#### [Activity]
Since the pictures are not wanted, retype the listing below exactly and without them.
[Dataset excerpts]
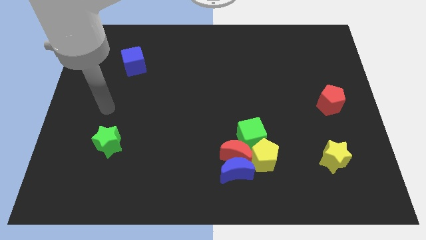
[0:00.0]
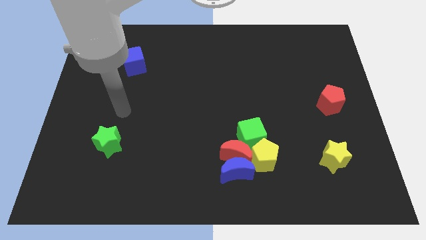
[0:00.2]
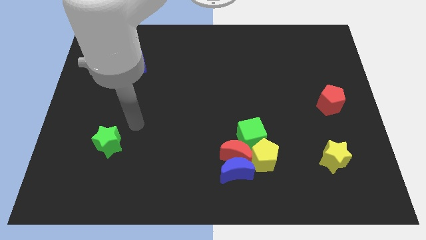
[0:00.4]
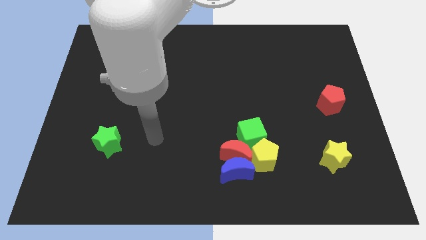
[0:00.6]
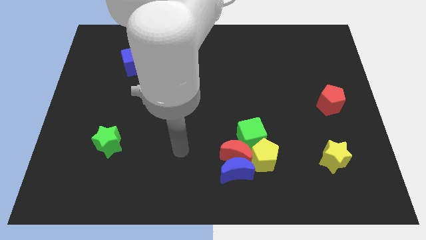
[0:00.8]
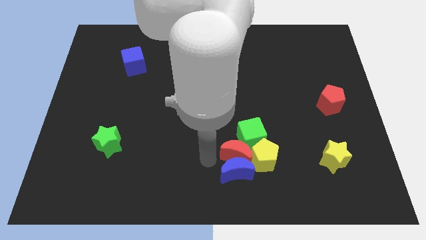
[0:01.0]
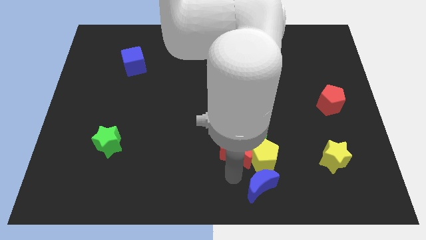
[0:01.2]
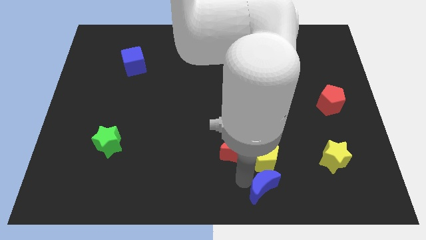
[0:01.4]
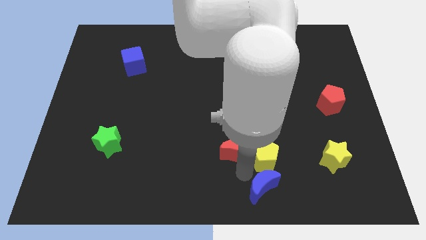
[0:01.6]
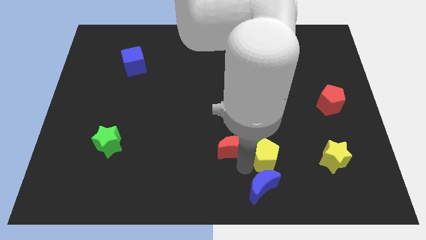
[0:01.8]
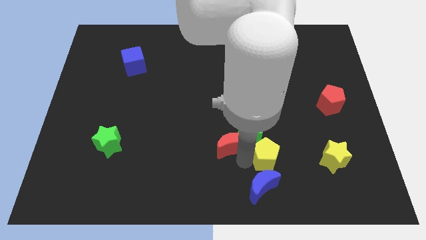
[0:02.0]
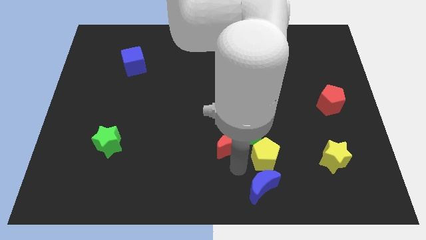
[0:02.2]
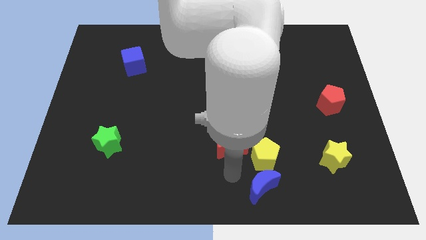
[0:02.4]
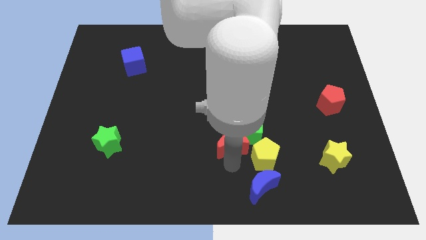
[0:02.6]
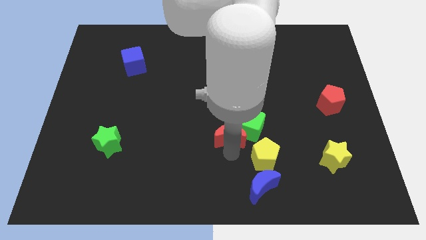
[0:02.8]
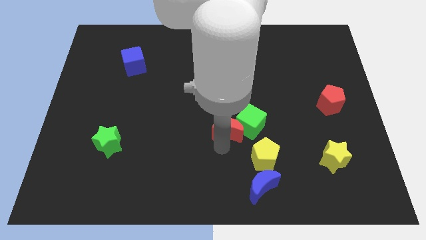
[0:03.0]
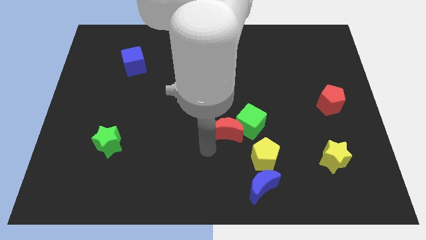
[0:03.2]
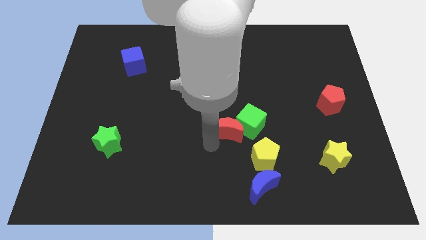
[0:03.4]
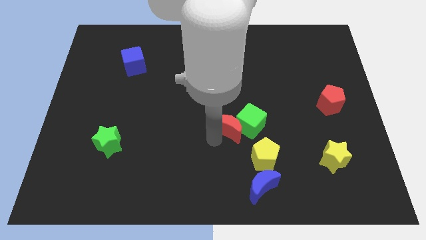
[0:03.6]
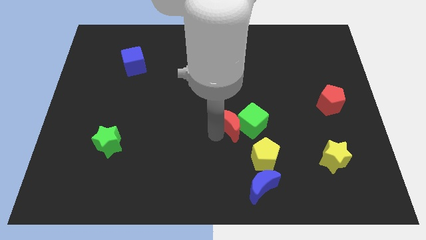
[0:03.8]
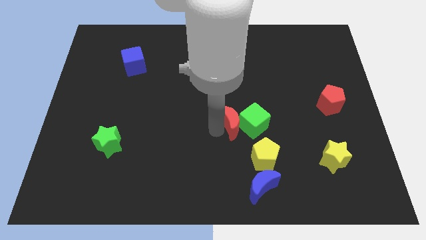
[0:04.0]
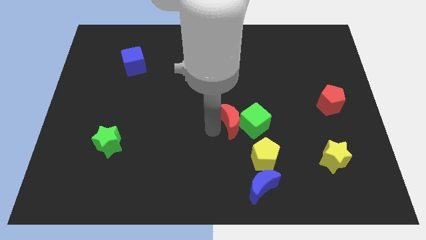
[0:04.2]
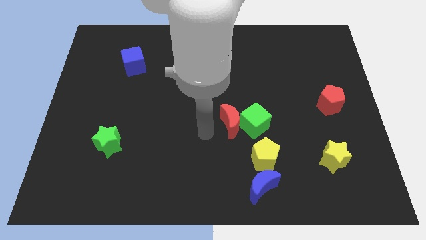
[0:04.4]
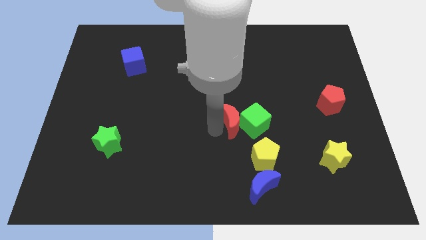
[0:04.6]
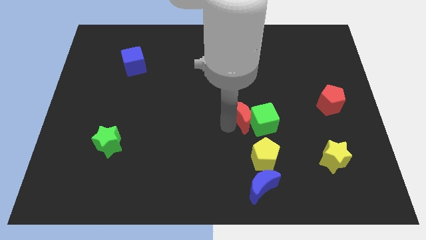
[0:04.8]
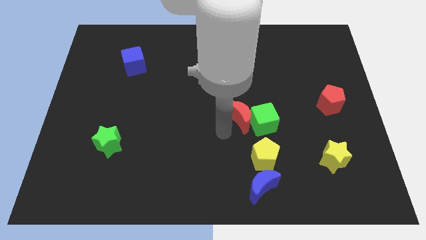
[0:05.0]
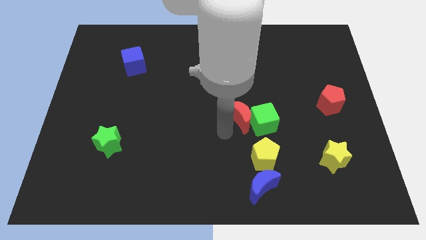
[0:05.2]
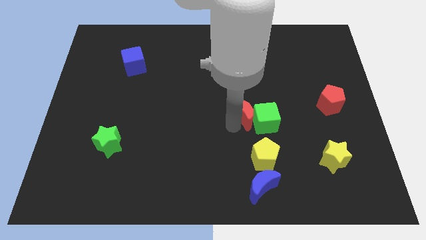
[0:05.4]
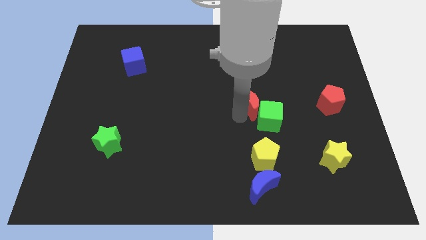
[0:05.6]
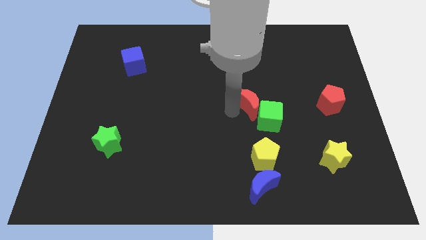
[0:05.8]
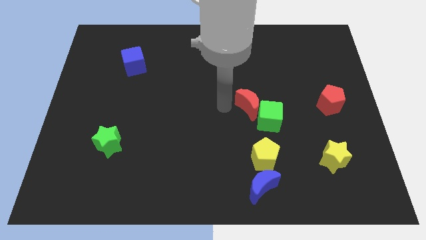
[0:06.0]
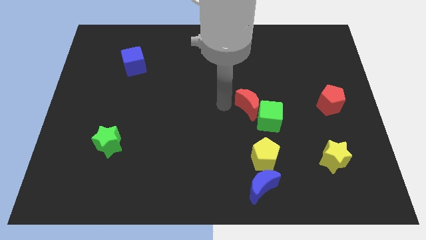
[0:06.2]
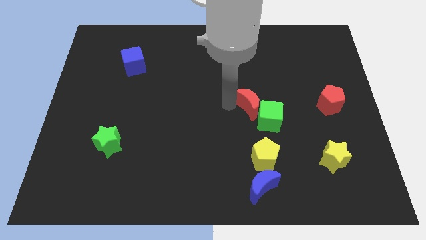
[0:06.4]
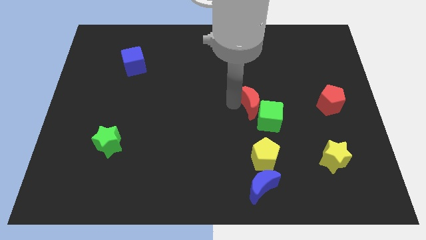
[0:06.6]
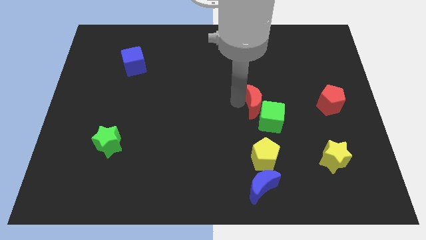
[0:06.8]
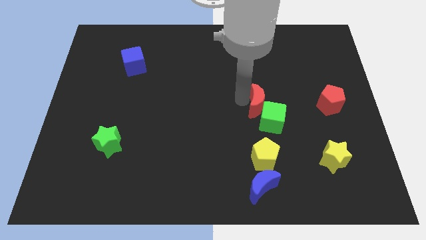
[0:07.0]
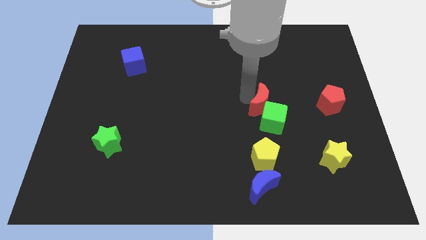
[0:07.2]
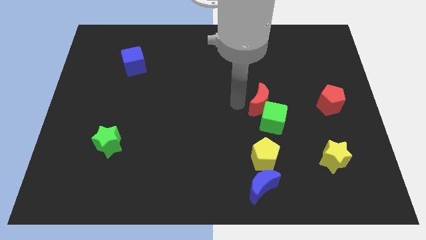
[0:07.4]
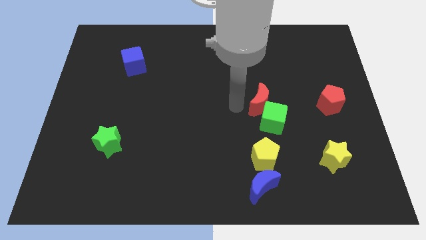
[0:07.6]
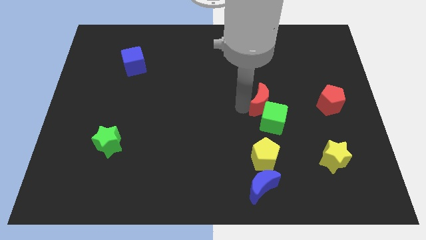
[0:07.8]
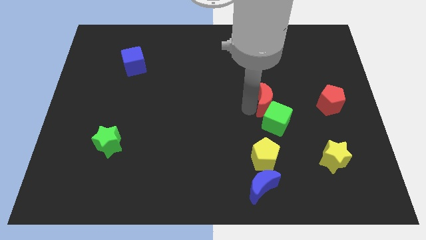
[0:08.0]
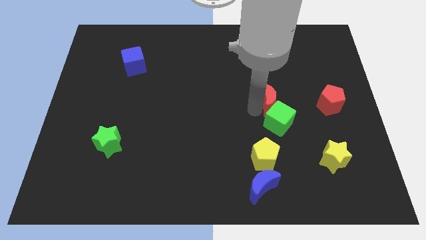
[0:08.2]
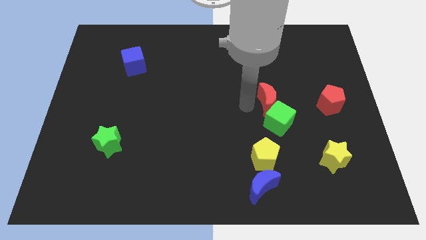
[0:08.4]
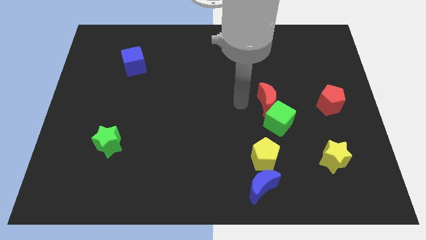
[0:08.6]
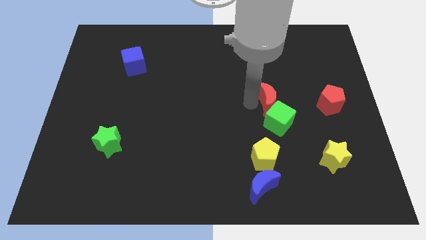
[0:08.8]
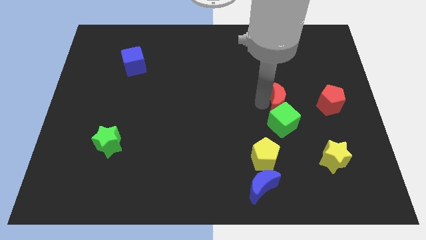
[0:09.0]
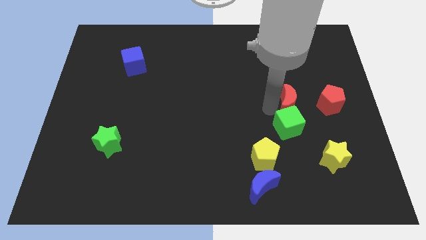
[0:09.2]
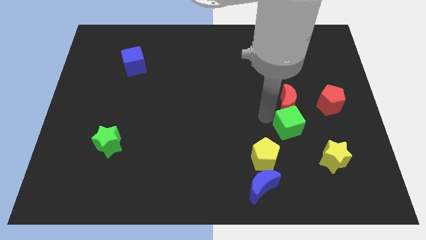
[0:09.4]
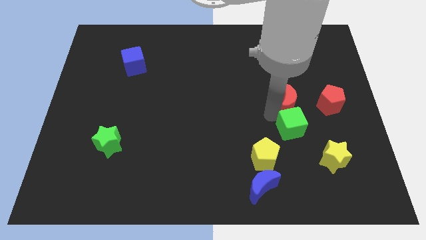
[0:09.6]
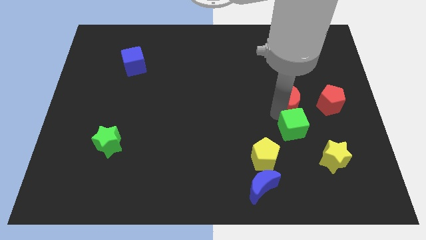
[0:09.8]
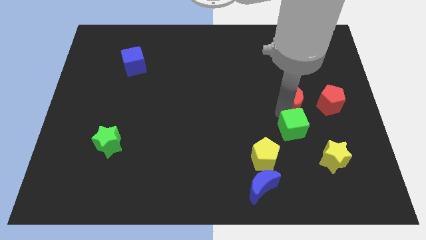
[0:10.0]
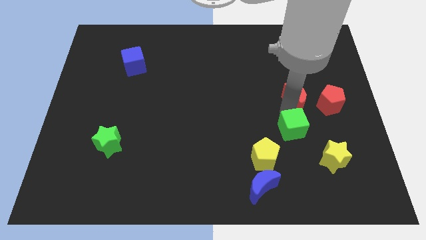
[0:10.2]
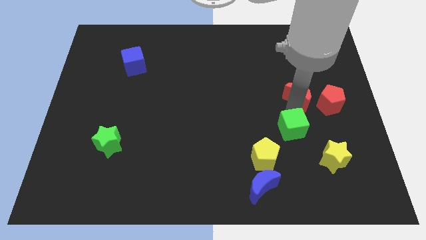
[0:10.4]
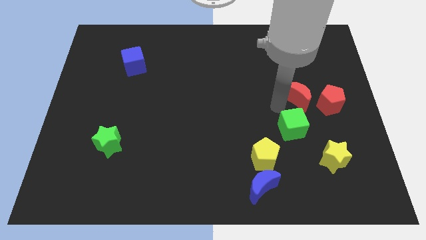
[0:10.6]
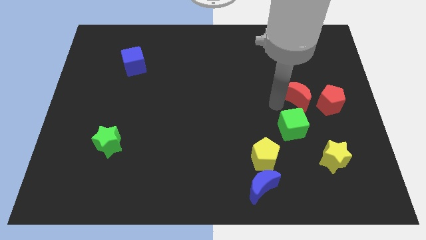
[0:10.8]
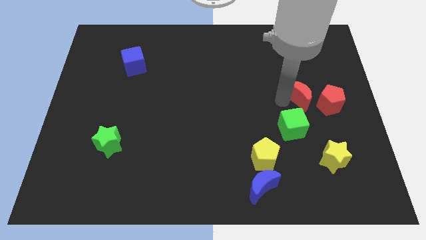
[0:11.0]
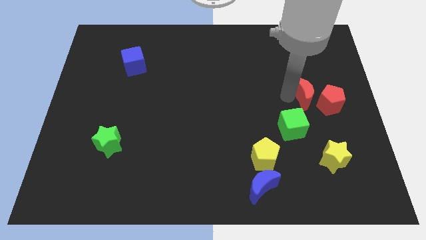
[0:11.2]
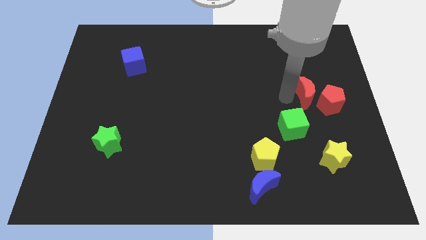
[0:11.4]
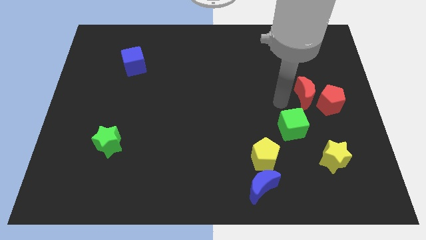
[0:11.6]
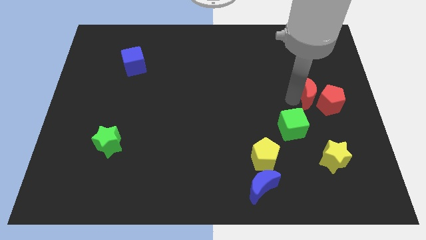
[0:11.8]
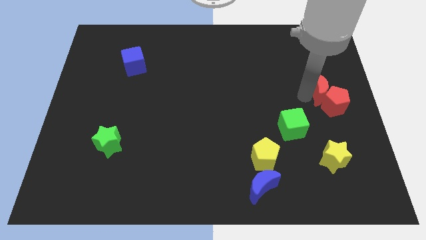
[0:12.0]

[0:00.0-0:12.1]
[/Dataset excerpts]
#### [Exercise answer]
[0:00.0]
[0:00.2]
[0:00.4]
[0:00.6]
[0:00.8]
[0:01.0]
[0:01.2]
[0:01.4]
[0:01.6]
[0:01.8]
[0:02.0]
[0:02.2]
[0:02.4]
[0:02.6]
[0:02.8]
[0:03.0]
[0:03.2]
[0:03.4]
[0:03.6]
[0:03.8]
[0:04.0]
[0:04.2]
[0:04.4]
[0:04.6]
[0:04.8]
[0:05.0]
[0:05.2]
[0:05.4]
[0:05.6]
[0:05.8]
[0:06.0]
[0:06.2]
[0:06.4]
[0:06.6]
[0:06.8]
[0:07.0]
[0:07.2]
[0:07.4]
[0:07.6]
[0:07.8]
[0:08.0]
[0:08.2]
[0:08.4]
[0:08.6]
[0:08.8]
[0:09.0]
[0:09.2]
[0:09.4]
[0:09.6]
[0:09.8]
[0:10.0]
[0:10.2]
[0:10.4]
[0:10.6]
[0:10.8]
[0:11.0]
[0:11.2]
[0:11.4]
[0:11.6]
[0:11.8]
[0:12.0]

[0:00.0-0:12.1]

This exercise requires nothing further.